Santana - Supernatural Live - DTS

List Price: $14.98
Your Price: $11.98
Product Info Reviews

Features:
  • Color
  • DTS Surround Sound
  • Dolby


Description:

Like the hit album that inspires its name, Supernatural Live brings journeyman guitarist Carlos Santana back into the mainstream by surrounding him with younger superstars eager to bask in his formidable musical presence. Resuscitating stardom through sheer proximity can translate to forced pairings or superfluous music making, but credit Santana himself with minimizing such missteps. A fusion artist before the term was coined, the erstwhile Mexican street musician long ago extended his technical reach and broadened his stylistic palette by hungrily assimilating different styles of music. Accordingly, he shifts gears easily, whether soloing behind Dave Matthews, trading lines with legendary saxophonist Wayne Shorter, or spicing up a hip-hop excursion with Lauryn Hill.

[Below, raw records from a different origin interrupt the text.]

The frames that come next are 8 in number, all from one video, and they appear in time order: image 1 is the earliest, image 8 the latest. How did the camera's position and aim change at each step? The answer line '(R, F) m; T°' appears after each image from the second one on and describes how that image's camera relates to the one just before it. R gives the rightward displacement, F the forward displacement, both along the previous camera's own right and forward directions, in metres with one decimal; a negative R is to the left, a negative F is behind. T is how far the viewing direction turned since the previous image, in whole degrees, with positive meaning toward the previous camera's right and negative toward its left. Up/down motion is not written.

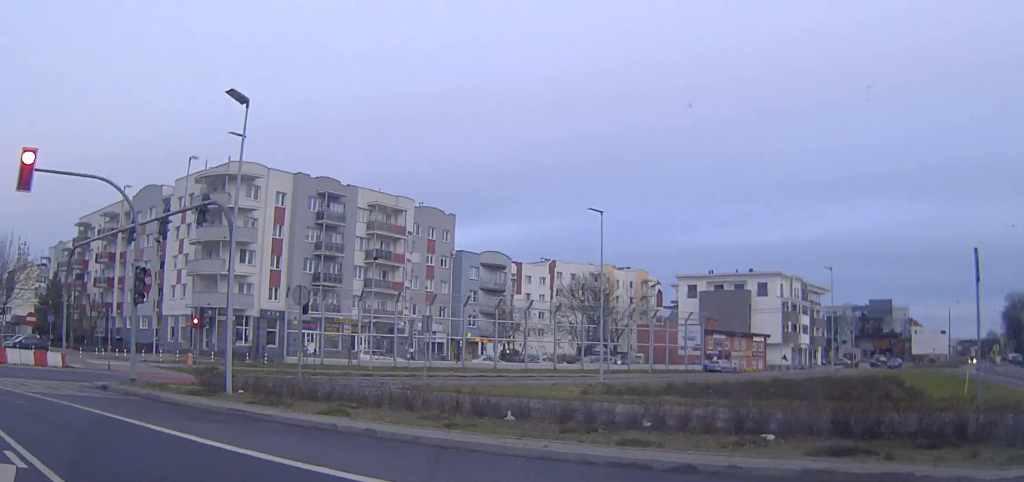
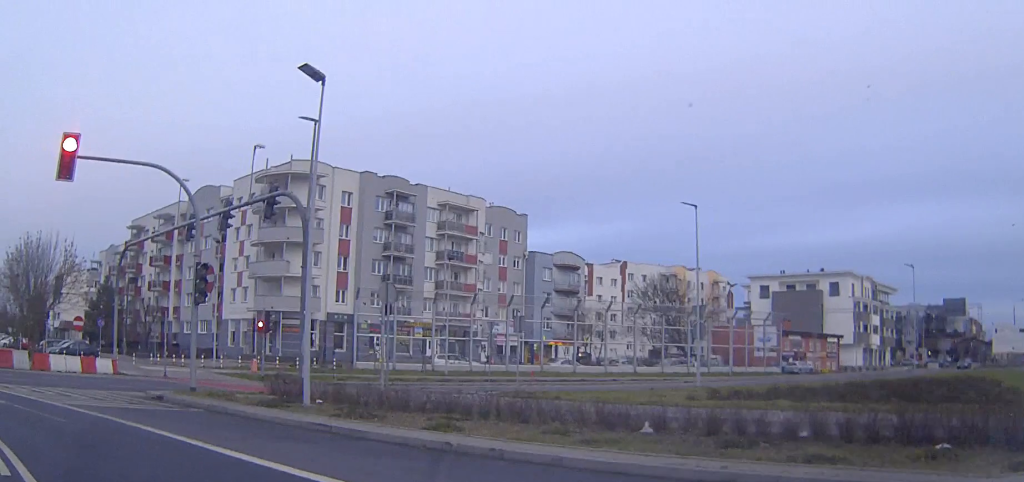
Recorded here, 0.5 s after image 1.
(-0.1, +2.3) m; -5°
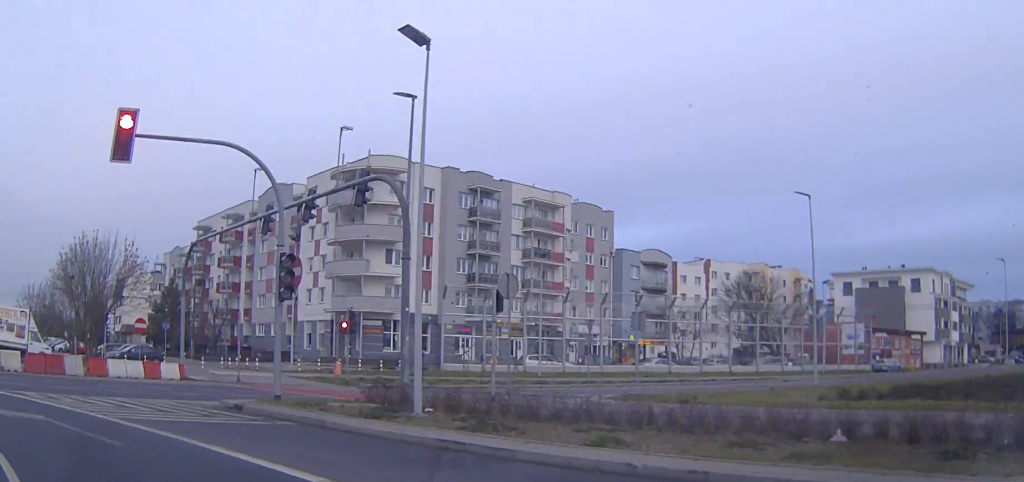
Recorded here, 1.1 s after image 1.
(-0.1, +2.4) m; -4°
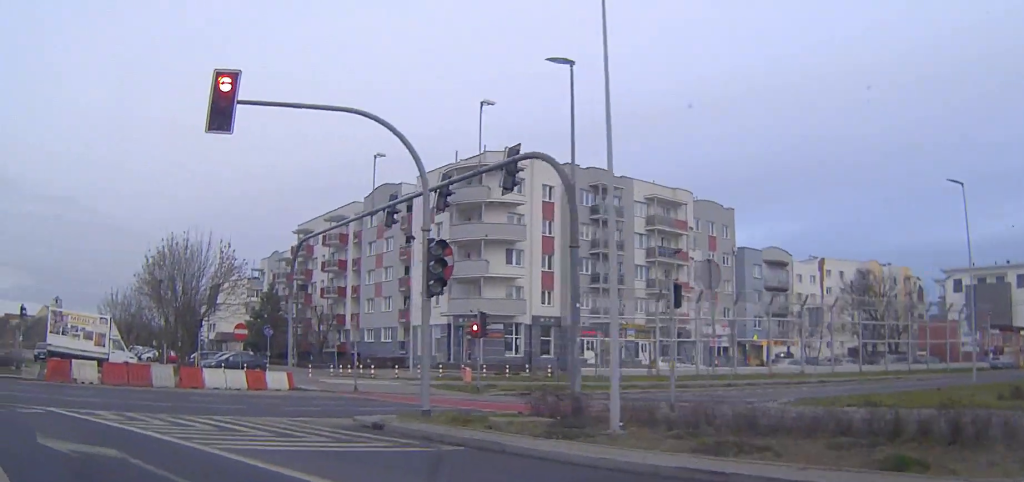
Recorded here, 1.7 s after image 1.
(-0.2, +3.0) m; -5°
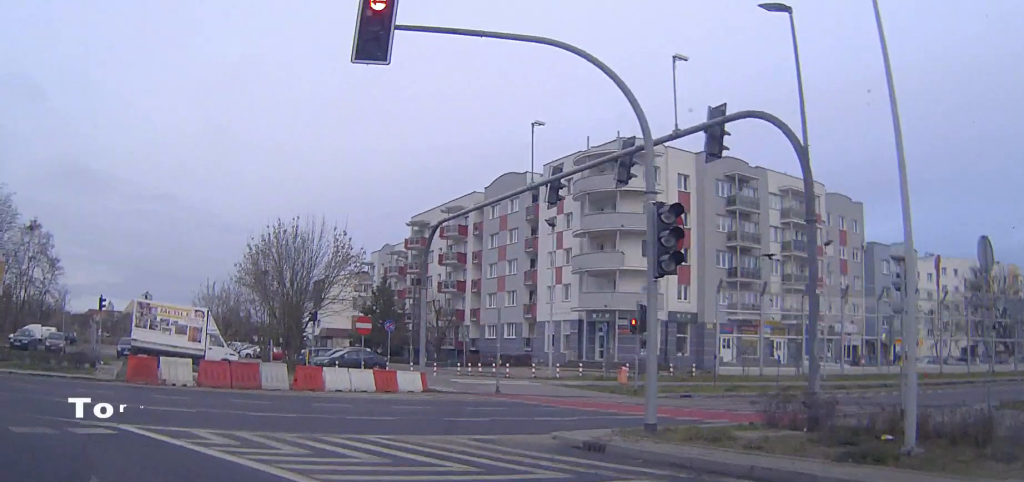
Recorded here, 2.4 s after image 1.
(-0.2, +3.9) m; -6°
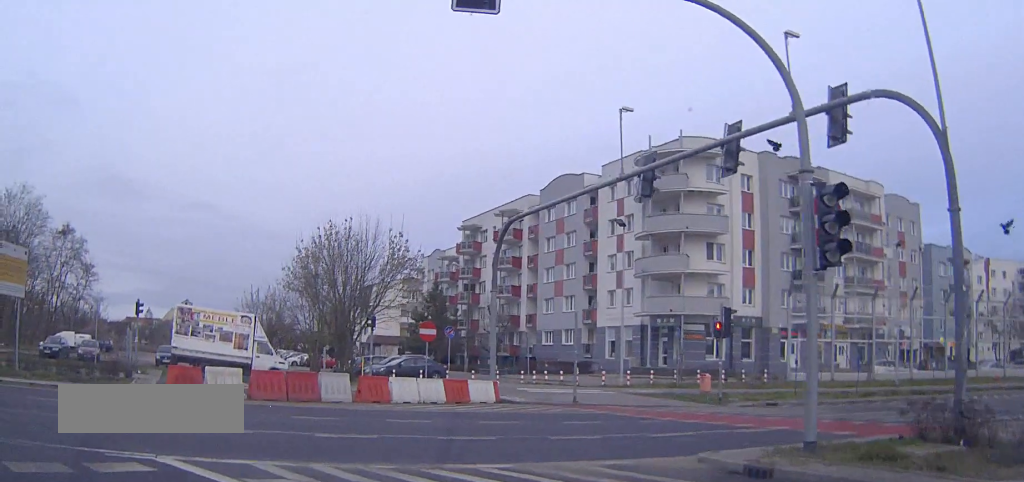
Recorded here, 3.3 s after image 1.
(-0.2, +3.7) m; -5°
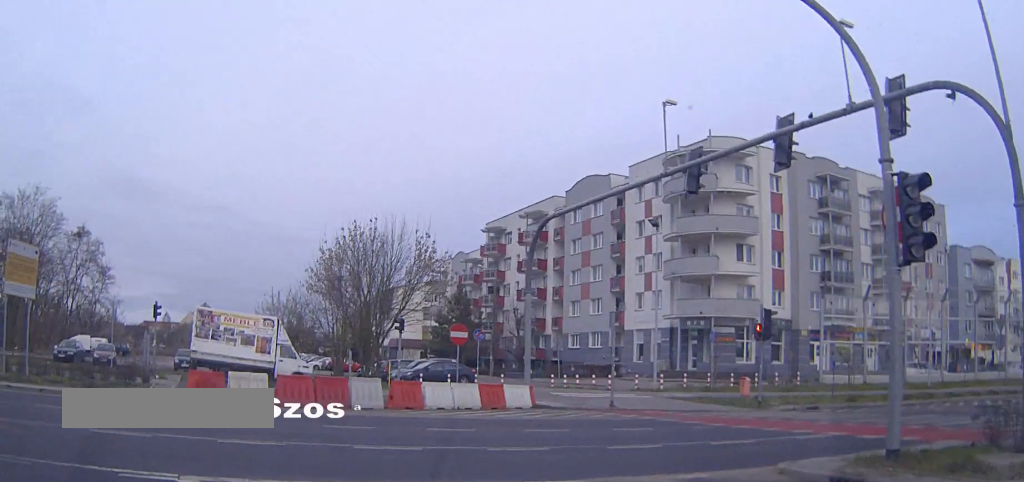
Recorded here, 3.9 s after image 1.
(-0.1, +1.5) m; -3°
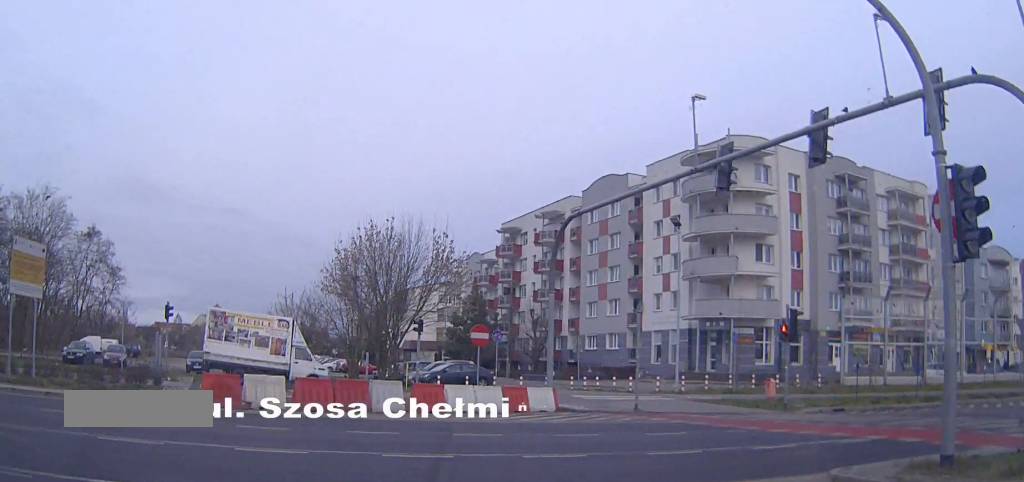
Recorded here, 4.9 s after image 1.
(-0.1, +1.3) m; -1°

Santana justifiably taps into the late '90s' breakout for Latin pop, hardly surprising in light of his early identification with Latin-rock via his 1968 recording debut. His early reworking of Tito Puente's classic "Oye Como Va" thus pops up as the set closer, while the concert kicks off with a frenetic, horn-powered "(Da Le) Yaleo," given added spectacle by a swaying corps of lissome female dancers in feathered headgear. Elsewhere, the guitarist hosts a procession of the stars that added their marquee value to the Supernatural album, including Rob Thomas (the massive hit, "Smooth," here performed as a medley with "Dame Tu Amor") and Everlast. But a duet with label colleague Sarah McLachlan on "Angel" yields the concert's only anticlimax--on a ballad built from spare piano and a poignant lyric, Santana's innate taste leaves him little to contribute beyond a delicate tracery of classical guitar.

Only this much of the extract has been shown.